The article barely touched on critical considerations such as total cost of ownership, ethical considerations, or even an analysis of the respective value propositions. Sure they hinted at these concepts but never delivered any significant analysis.

In fairness to the author, perhaps we have just become too numb to the idea of technology replacing human labor. However, with the holidays in our sights, I’d like to provide an editorial to the WSJ article and stop for a second to consider the human implications of robotic systems replacing warehouse jobs.

Between off-shore labor and technology, our economy is facing unprecedented job stresses, from which we currently find ourselves is a terrible recession.  At some point, I think we have to ask ourselves, “Where are jobs going to come from?”

The most common response to this line of debate is that in a “free economy” innovation prevails, creating new industries and generating new jobs.  While I recognize some degree of truth to the statement, I feel it is also intellectually dishonest and/or naïve.

This line of reasoning is predicated on an old world “trickle-down” economy.  Certainly, some new jobs are created. However, it is definitely not one-to-one for two elemental reasons: 1) modern technology requires a smaller workforce than in the past, and 2) off-shore outsourcing breaks the “trickle-down” model, or at least mitigates it to a significant degree (depending upon the industry).  So, how do we fill the void? What do we do?

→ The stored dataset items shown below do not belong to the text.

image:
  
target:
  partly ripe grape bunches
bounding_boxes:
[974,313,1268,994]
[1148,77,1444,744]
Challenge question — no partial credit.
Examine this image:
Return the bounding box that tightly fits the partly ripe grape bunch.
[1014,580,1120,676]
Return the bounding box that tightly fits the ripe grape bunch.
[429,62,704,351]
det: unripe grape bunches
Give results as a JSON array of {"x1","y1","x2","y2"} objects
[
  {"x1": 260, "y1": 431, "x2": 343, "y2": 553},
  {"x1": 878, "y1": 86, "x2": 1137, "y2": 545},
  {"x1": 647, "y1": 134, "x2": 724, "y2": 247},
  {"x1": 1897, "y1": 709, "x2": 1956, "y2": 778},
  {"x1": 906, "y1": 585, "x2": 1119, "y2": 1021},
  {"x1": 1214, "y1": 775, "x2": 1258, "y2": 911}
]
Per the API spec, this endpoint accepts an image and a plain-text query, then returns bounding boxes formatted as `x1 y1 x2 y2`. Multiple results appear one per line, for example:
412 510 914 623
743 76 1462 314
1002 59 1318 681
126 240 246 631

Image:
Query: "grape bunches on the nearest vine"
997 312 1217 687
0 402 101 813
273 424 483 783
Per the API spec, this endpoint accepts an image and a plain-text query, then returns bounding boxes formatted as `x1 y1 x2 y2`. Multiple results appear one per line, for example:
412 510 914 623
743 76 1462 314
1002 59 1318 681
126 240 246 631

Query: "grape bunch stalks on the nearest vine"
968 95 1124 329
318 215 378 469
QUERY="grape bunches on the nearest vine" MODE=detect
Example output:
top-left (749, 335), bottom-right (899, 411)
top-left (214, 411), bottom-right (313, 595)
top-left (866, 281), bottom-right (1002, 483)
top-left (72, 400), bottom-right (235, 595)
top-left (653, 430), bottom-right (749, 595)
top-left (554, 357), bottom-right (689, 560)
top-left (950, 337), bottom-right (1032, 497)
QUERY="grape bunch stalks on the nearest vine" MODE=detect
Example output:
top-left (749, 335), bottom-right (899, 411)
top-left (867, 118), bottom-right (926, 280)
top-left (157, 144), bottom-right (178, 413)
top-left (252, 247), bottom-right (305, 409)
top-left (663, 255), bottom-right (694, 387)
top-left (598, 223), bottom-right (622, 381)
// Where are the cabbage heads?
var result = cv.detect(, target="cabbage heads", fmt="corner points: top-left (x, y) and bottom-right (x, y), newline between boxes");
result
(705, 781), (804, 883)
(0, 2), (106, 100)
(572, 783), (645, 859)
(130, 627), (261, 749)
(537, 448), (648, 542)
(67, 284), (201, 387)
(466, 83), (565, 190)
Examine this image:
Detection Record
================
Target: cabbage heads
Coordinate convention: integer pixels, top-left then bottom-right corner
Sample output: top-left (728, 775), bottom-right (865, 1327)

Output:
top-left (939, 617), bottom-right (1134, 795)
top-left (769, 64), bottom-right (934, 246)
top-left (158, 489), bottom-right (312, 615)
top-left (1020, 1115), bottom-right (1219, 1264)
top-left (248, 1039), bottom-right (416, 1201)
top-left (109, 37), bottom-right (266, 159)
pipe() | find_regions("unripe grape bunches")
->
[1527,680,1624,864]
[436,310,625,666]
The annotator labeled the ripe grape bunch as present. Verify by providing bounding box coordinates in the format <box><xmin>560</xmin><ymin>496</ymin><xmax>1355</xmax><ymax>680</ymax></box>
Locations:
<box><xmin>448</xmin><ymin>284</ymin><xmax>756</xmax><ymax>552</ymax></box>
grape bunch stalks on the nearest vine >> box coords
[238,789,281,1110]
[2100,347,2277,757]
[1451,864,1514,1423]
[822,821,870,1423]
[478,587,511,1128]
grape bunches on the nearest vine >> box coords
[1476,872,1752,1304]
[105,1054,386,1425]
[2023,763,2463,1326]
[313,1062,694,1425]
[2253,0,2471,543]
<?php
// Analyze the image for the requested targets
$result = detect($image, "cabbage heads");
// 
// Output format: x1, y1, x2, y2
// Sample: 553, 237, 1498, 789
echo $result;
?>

This is our generation’s greatest conundrum.  While I don’t have the answer, I do believe that the process starts by taking some more time to consider the longer-term implications of replacing human labor with technology (and off-shore outsourcing for that matter). Am I suggesting that we don’t do this – absolutely not.  I am saying that we need to take a broader economic perspective and do a better job of understanding the true “total cost of ownership” to the overall economy.  Unfortunately, I fear it may be too late; the damage may be irreversible.

This is just my opinion. I’d love to hear what you have to say on the topic.

Tags: , , , ,

Category: Education, General Strategy, Technology Strategy

About Marc LeShay: I am a strategic consultant helping people find clarity in chaos View author profile.

Comments are closed.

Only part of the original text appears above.